Clinical Trial Summary

The objective of the study is to evaluate the long-term safety and efficacy of a sub-retinal injection of BIIB111 in participants with Choroideremia (CHM) who have been previously treated with BIIB111 and who have exited an antecedent study; these treated participants will be compared with untreated control participants who have exited the STAR (NCT03496012) study and BIIB112 in participants with X-linked retinitis pigmentosa (XLRP) who have been previously treated with BIIB112 and who have exited an antecedent study.

Description:

This study was previously posted by NightstaRx Ltd. In October 2020, sponsorship of the trial was transferred to Biogen.

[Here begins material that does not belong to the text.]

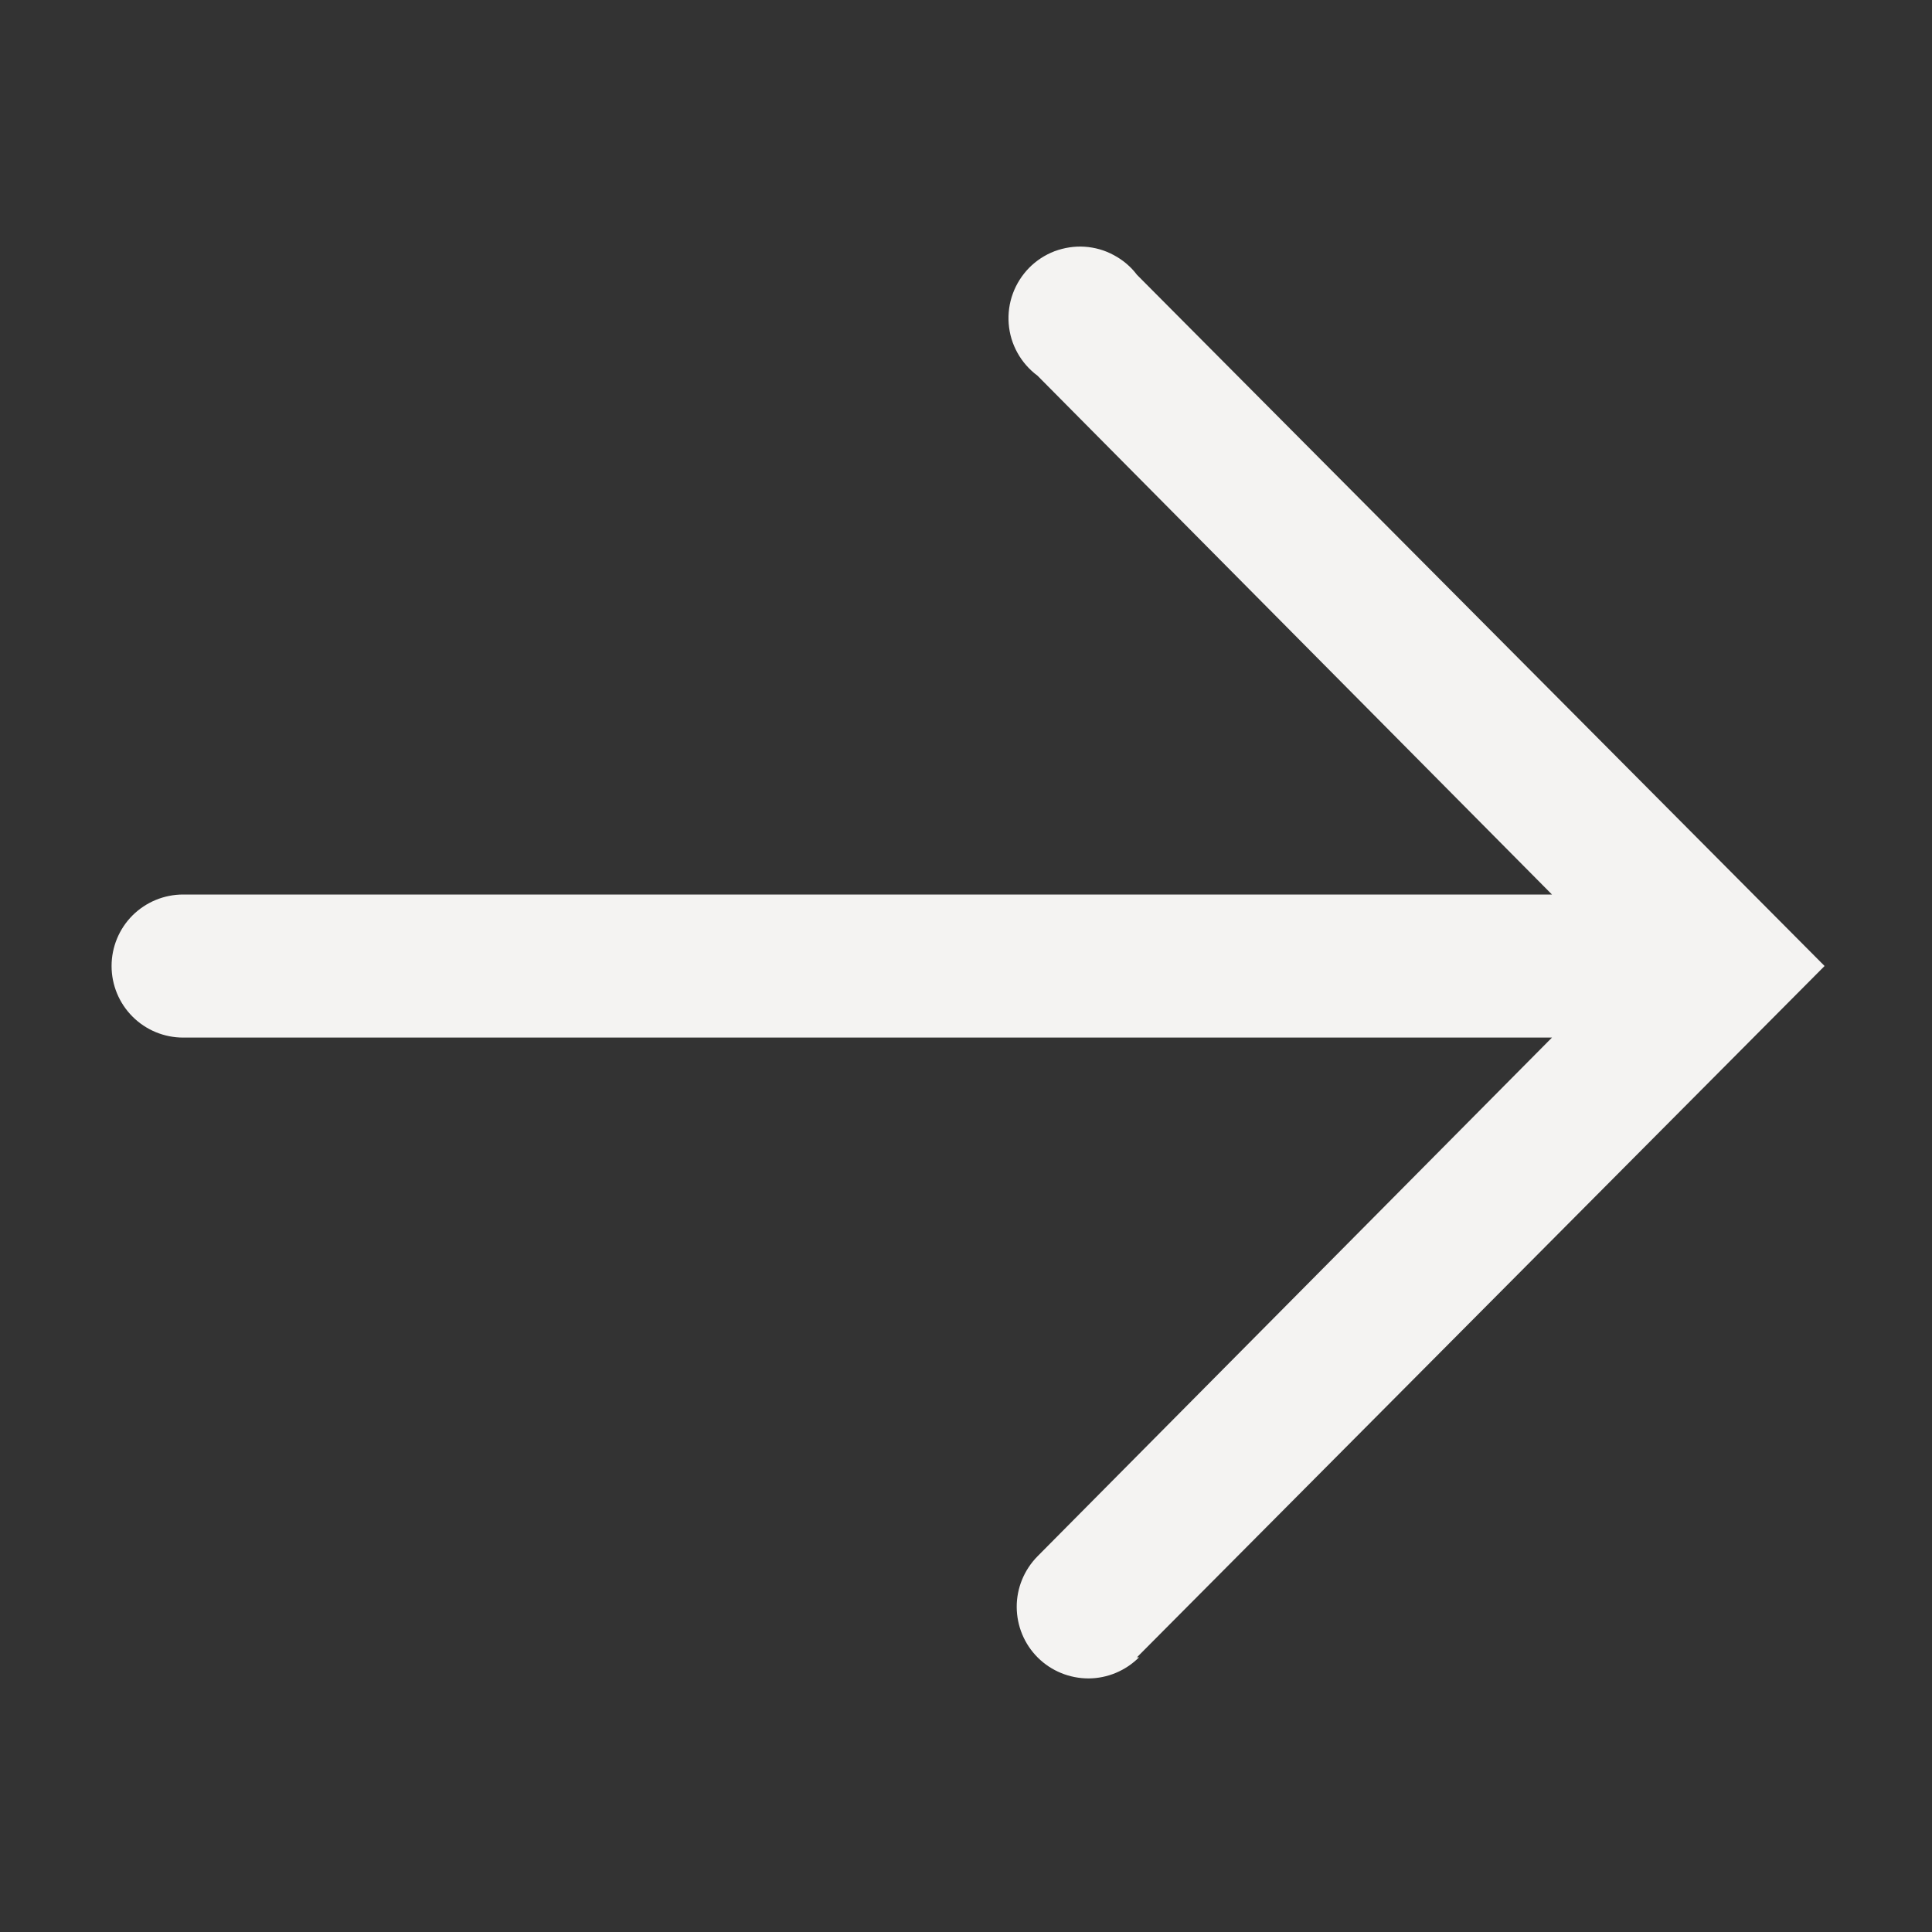 <?xml version="1.0" encoding="UTF-8"?> <svg xmlns="http://www.w3.org/2000/svg" width="20" height="20" viewBox="0 0 20 20" fill="none"><rect x="0" y="0" width="20" height="20" fill="#333333" stroke="none"/><g clip-path="url(#clip0_2310_295)"><path d="M11.77 17.156L18.888 10L11.77 2.845C11.706 2.76 11.624 2.691 11.53 2.641C11.437 2.59 11.334 2.561 11.228 2.554C11.122 2.547 11.016 2.564 10.916 2.601C10.817 2.639 10.727 2.698 10.653 2.773C10.579 2.849 10.521 2.94 10.485 3.039C10.448 3.139 10.434 3.245 10.442 3.351C10.45 3.457 10.481 3.56 10.533 3.653C10.584 3.745 10.655 3.826 10.74 3.889L16.066 9.26H1.896C1.699 9.26 1.511 9.338 1.372 9.476C1.233 9.615 1.155 9.804 1.155 10C1.155 10.197 1.233 10.385 1.372 10.524C1.511 10.663 1.699 10.741 1.896 10.741L16.066 10.741L10.74 16.111C10.602 16.251 10.524 16.44 10.525 16.636C10.526 16.833 10.604 17.021 10.744 17.16C10.883 17.298 11.072 17.375 11.269 17.375C11.465 17.374 11.653 17.295 11.792 17.156H11.77Z" fill="#F4F3F2"></path></g><defs><clipPath id="clip0_2310_295"><rect width="20" height="20" fill="white" transform="matrix(0 1 -1 0 20 0)"></rect></clipPath></defs></svg>

Recruitment information / eligibility

• Status: Enrolling by invitation
• Enrollment: 330
• Est. completion date: June 4, 2026
• Est. primary completion date: June 4, 2026
• Accepts healthy volunteers: No
• Gender: Male
• Age group: 18 Years and older

Eligibility

Key Inclusion Criteria:

CHM Participants a. Have participated in and exited from an interventional study that investigated the safety and efficacy of a sub-retinal injection of BIIB111 for CHM. XLRP Participants a. Have received a sub-retinal injection of BIIB112 for XLRP and have exited an antecedent study. Key Exclusion Criteria: Participants are not eligible for study participation if they meet the following exclusion criterion. a. In the opinion of the Investigator and/or the Sponsor, it is not in the participant's best interest to participate in the study. NOTE: Other protocol defined Inclusion/Exclusion criteria may apply.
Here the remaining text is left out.